- _What the exercise asks_
Write the data out again, character for character, with no images.

- _Data to process_
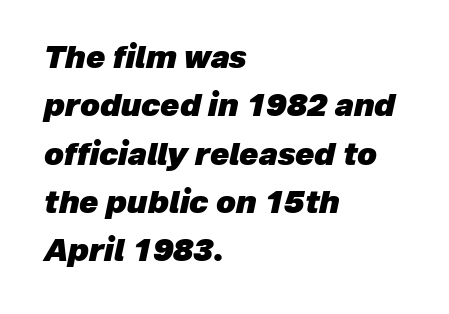
The image shows 31 px heavy type, italic (leaning right); set left-aligned, normal line spacing (1.56x), normal letter spacing, not underlined; low stroke contrast and a medium x-height.
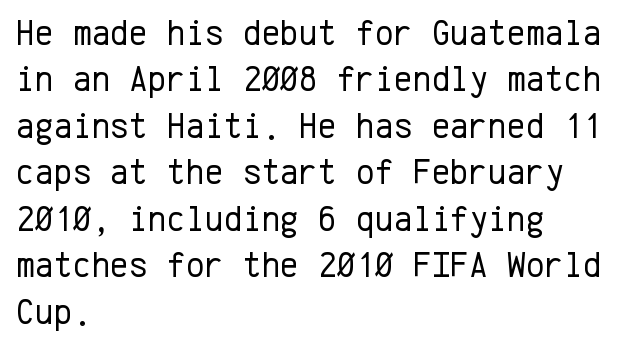
The image shows 36 px regular-weight sans-serif type, upright, monospaced; set left-aligned, normal line spacing (1.29x), normal letter spacing, not underlined; low stroke contrast and a medium x-height.
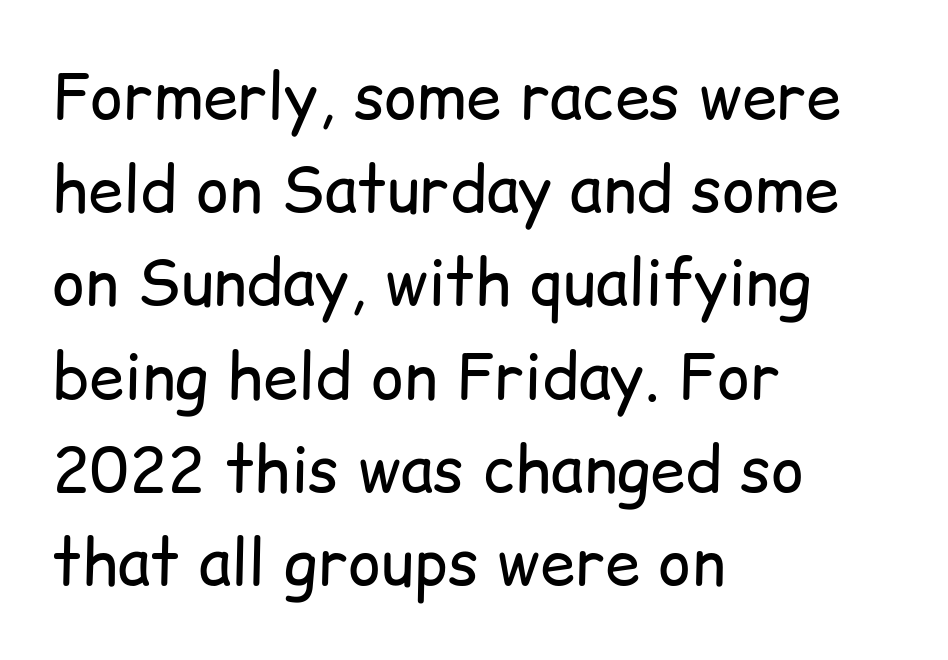
{"serif": "no", "italic": "no", "bold": "no", "weight": "regular", "width": "normal", "stroke_contrast": "low", "x_height": "medium", "monospaced": "no", "underline": "no", "align": "left", "line_spacing": "normal", "line_spacing_ratio": 1.48, "letter_spacing": "normal", "letter_spacing_em": 0.0, "glyph_px": 63}
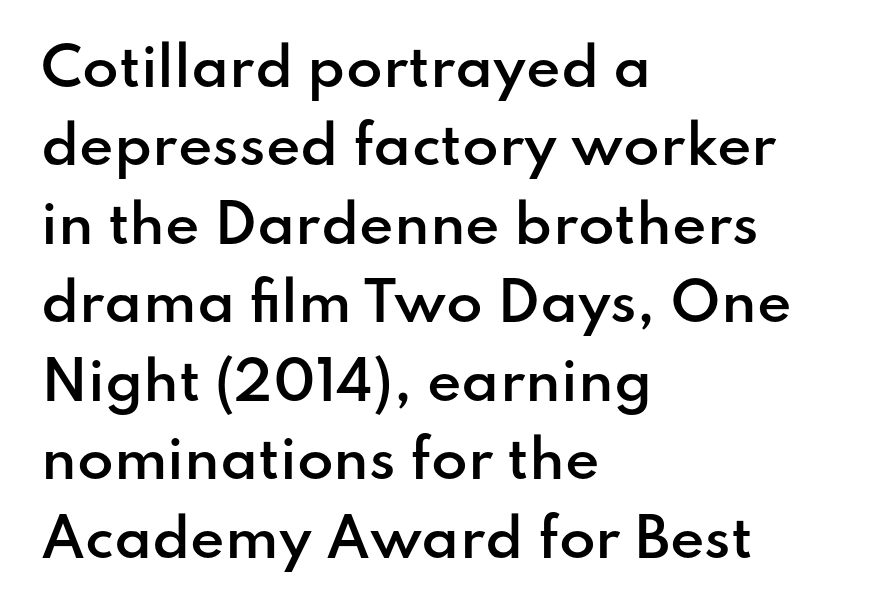
The image shows 53 px semibold sans-serif type, upright; set left-aligned, normal line spacing (1.48x), normal letter spacing, not underlined; low stroke contrast and a small x-height.
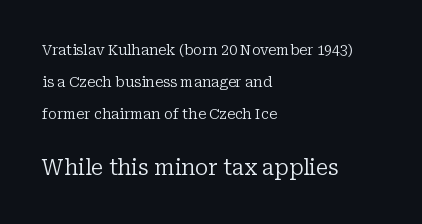
The image shows 21 px text type, upright; set left-aligned, loose line spacing (2.3x), normal letter spacing, not underlined; the second (bottom) block is 1.5x larger.
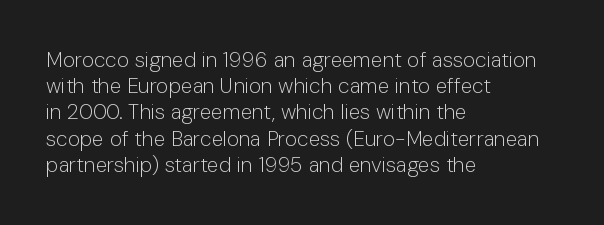
{"italic": "no", "bold": "no", "underline": "no", "align": "left", "line_spacing": "normal", "line_spacing_ratio": 1.25, "letter_spacing": "normal", "letter_spacing_em": 0.0, "glyph_px": 21}
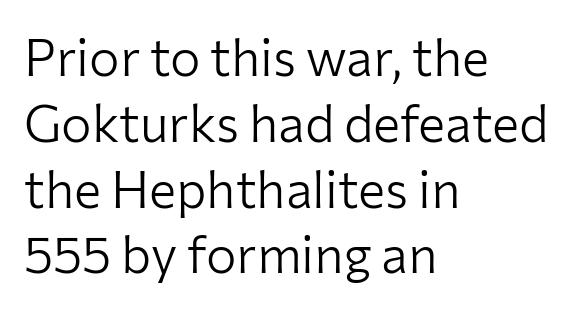
The image shows 51 px light sans-serif type, upright; set left-aligned, normal line spacing (1.29x), normal letter spacing, not underlined; low stroke contrast and a medium x-height.
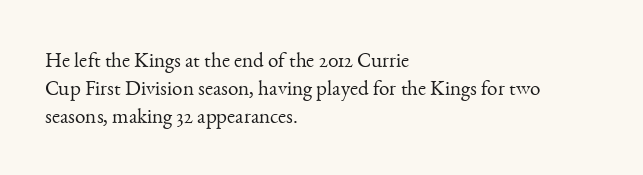
The image shows 21 px text type, upright; set left-aligned, normal line spacing (1.33x), normal letter spacing, not underlined.
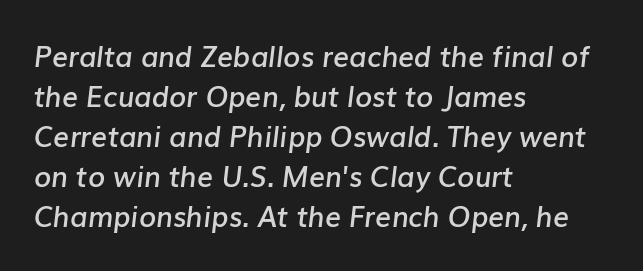
The image shows 28 px semibold type, italic (leaning right); set left-aligned, normal line spacing (1.43x), normal letter spacing, not underlined; low stroke contrast and a medium x-height.
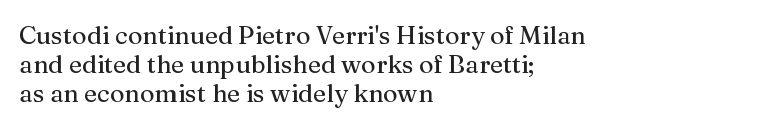
Between one letter and the next there's only the usual sliver of space. Left-aligned paragraph, ragged on the right. Bare-footed words on every line. You can tell it's not italic because the verticals are truly vertical.
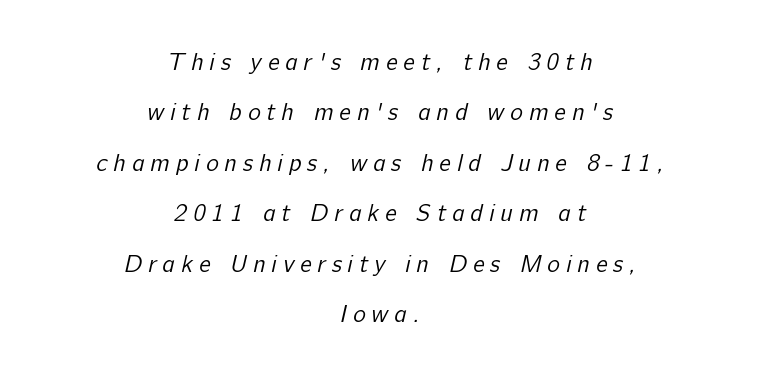
Q: Is the text bold? A: No.
Q: Is the text underlined? A: No.
Q: How is the paragraph aligned? A: Centered.
Q: Is the spacing between letters normal or unusually wide? A: Unusually wide.
Q: Is the spacing between lines tight, normal or loose? A: Loose.
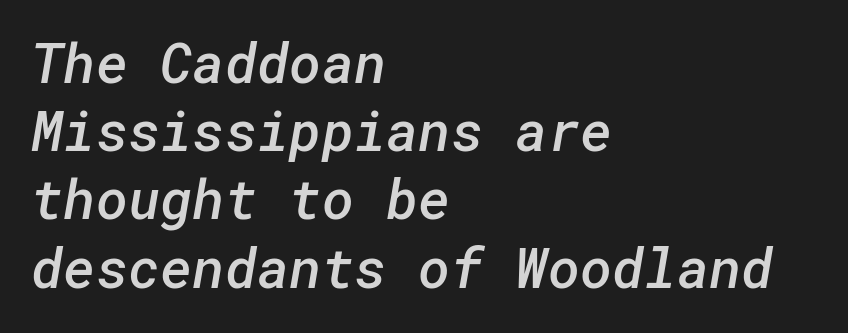
Q: Is the text bold? A: Semi-bold.
Q: Is the typeface a serif or a sans-serif typeface? A: Sans-serif.
Q: Is the text underlined? A: No.
Q: How is the paragraph aligned? A: Left-aligned.
Q: Is the spacing between letters normal or unusually wide? A: Normal.
Q: Width (condensed, normal, or wide)? A: Normal.
Q: Stroke contrast? A: Low.
Q: x-height? A: Medium.
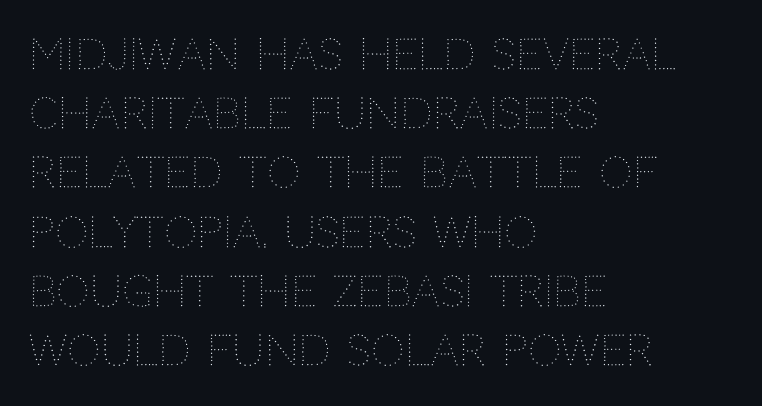
Q: Is the text bold? A: No.
Q: Is the text italic (slanted)? A: No, it is upright.
Q: Is the text underlined? A: No.
Q: How is the paragraph aligned? A: Left-aligned.
Q: Is the spacing between letters normal or unusually wide? A: Normal.
Q: Is the spacing between lines tight, normal or loose? A: Normal.
Q: Width (condensed, normal, or wide)? A: Normal.
Q: Stroke contrast? A: Medium.
Q: x-height? A: Large.
Q: Monospaced? A: No.
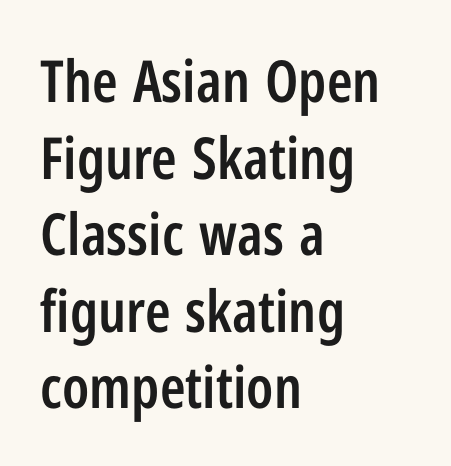
Underline: absent. Look at the bottom of the vertical strokes: they stop flat, with no serifs. If you drew a line through each stem, it would be perfectly vertical. These lines stack with their left ends in a neat column.
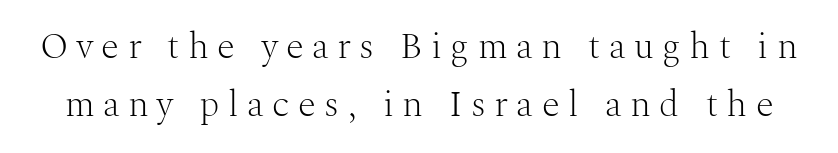
Q: Is the text bold? A: No.
Q: Is the text italic (slanted)? A: No, it is upright.
Q: Is the typeface a serif or a sans-serif typeface? A: Serif.
Q: Is the text underlined? A: No.
Q: Is the spacing between letters normal or unusually wide? A: Unusually wide.
Q: Is the spacing between lines tight, normal or loose? A: Normal.
Q: Width (condensed, normal, or wide)? A: Normal.
Q: Stroke contrast? A: Medium.
Q: x-height? A: Medium.
Q: Monospaced? A: No.
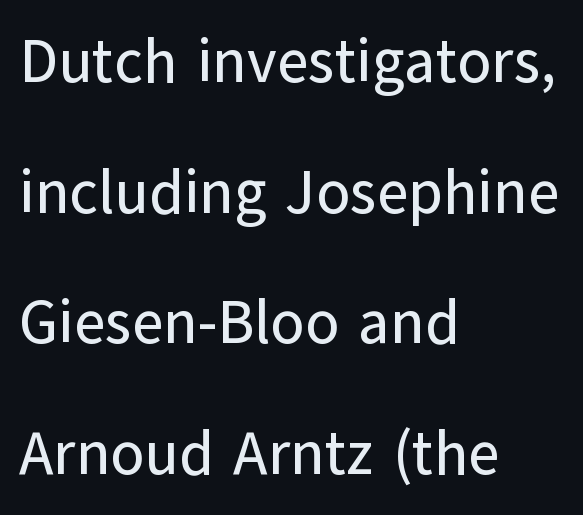
The image shows 61 px sans-serif type, upright; set left-aligned, loose line spacing (2.14x), normal letter spacing, not underlined; low stroke contrast and a medium x-height.

- _Written answer_
The image shows 31 px heavy type, italic (leaning right); set left-aligned, normal line spacing (1.56x), normal letter spacing, not underlined; low stroke contrast and a medium x-height.
The image shows 36 px regular-weight sans-serif type, upright, monospaced; set left-aligned, normal line spacing (1.29x), normal letter spacing, not underlined; low stroke contrast and a medium x-height.
{"serif": "no", "italic": "no", "bold": "no", "weight": "regular", "width": "normal", "stroke_contrast": "low", "x_height": "medium", "monospaced": "no", "underline": "no", "align": "left", "line_spacing": "normal", "line_spacing_ratio": 1.48, "letter_spacing": "normal", "letter_spacing_em": 0.0, "glyph_px": 63}
The image shows 53 px semibold sans-serif type, upright; set left-aligned, normal line spacing (1.48x), normal letter spacing, not underlined; low stroke contrast and a small x-height.
The image shows 21 px text type, upright; set left-aligned, loose line spacing (2.3x), normal letter spacing, not underlined; the second (bottom) block is 1.5x larger.
{"italic": "no", "bold": "no", "underline": "no", "align": "left", "line_spacing": "normal", "line_spacing_ratio": 1.25, "letter_spacing": "normal", "letter_spacing_em": 0.0, "glyph_px": 21}
The image shows 51 px light sans-serif type, upright; set left-aligned, normal line spacing (1.29x), normal letter spacing, not underlined; low stroke contrast and a medium x-height.
The image shows 21 px text type, upright; set left-aligned, normal line spacing (1.33x), normal letter spacing, not underlined.
The image shows 28 px semibold type, italic (leaning right); set left-aligned, normal line spacing (1.43x), normal letter spacing, not underlined; low stroke contrast and a medium x-height.
Between one letter and the next there's only the usual sliver of space. Left-aligned paragraph, ragged on the right. Bare-footed words on every line. You can tell it's not italic because the verticals are truly vertical.
Q: Is the text bold? A: No.
Q: Is the text underlined? A: No.
Q: How is the paragraph aligned? A: Centered.
Q: Is the spacing between letters normal or unusually wide? A: Unusually wide.
Q: Is the spacing between lines tight, normal or loose? A: Loose.
Q: Is the text bold? A: Semi-bold.
Q: Is the typeface a serif or a sans-serif typeface? A: Sans-serif.
Q: Is the text underlined? A: No.
Q: How is the paragraph aligned? A: Left-aligned.
Q: Is the spacing between letters normal or unusually wide? A: Normal.
Q: Width (condensed, normal, or wide)? A: Normal.
Q: Stroke contrast? A: Low.
Q: x-height? A: Medium.
Q: Is the text bold? A: No.
Q: Is the text italic (slanted)? A: No, it is upright.
Q: Is the text underlined? A: No.
Q: How is the paragraph aligned? A: Left-aligned.
Q: Is the spacing between letters normal or unusually wide? A: Normal.
Q: Is the spacing between lines tight, normal or loose? A: Normal.
Q: Width (condensed, normal, or wide)? A: Normal.
Q: Stroke contrast? A: Medium.
Q: x-height? A: Large.
Q: Monospaced? A: No.
Underline: absent. Look at the bottom of the vertical strokes: they stop flat, with no serifs. If you drew a line through each stem, it would be perfectly vertical. These lines stack with their left ends in a neat column.
Q: Is the text bold? A: No.
Q: Is the text italic (slanted)? A: No, it is upright.
Q: Is the typeface a serif or a sans-serif typeface? A: Serif.
Q: Is the text underlined? A: No.
Q: Is the spacing between letters normal or unusually wide? A: Unusually wide.
Q: Is the spacing between lines tight, normal or loose? A: Normal.
Q: Width (condensed, normal, or wide)? A: Normal.
Q: Stroke contrast? A: Medium.
Q: x-height? A: Medium.
Q: Monospaced? A: No.
The image shows 61 px sans-serif type, upright; set left-aligned, loose line spacing (2.14x), normal letter spacing, not underlined; low stroke contrast and a medium x-height.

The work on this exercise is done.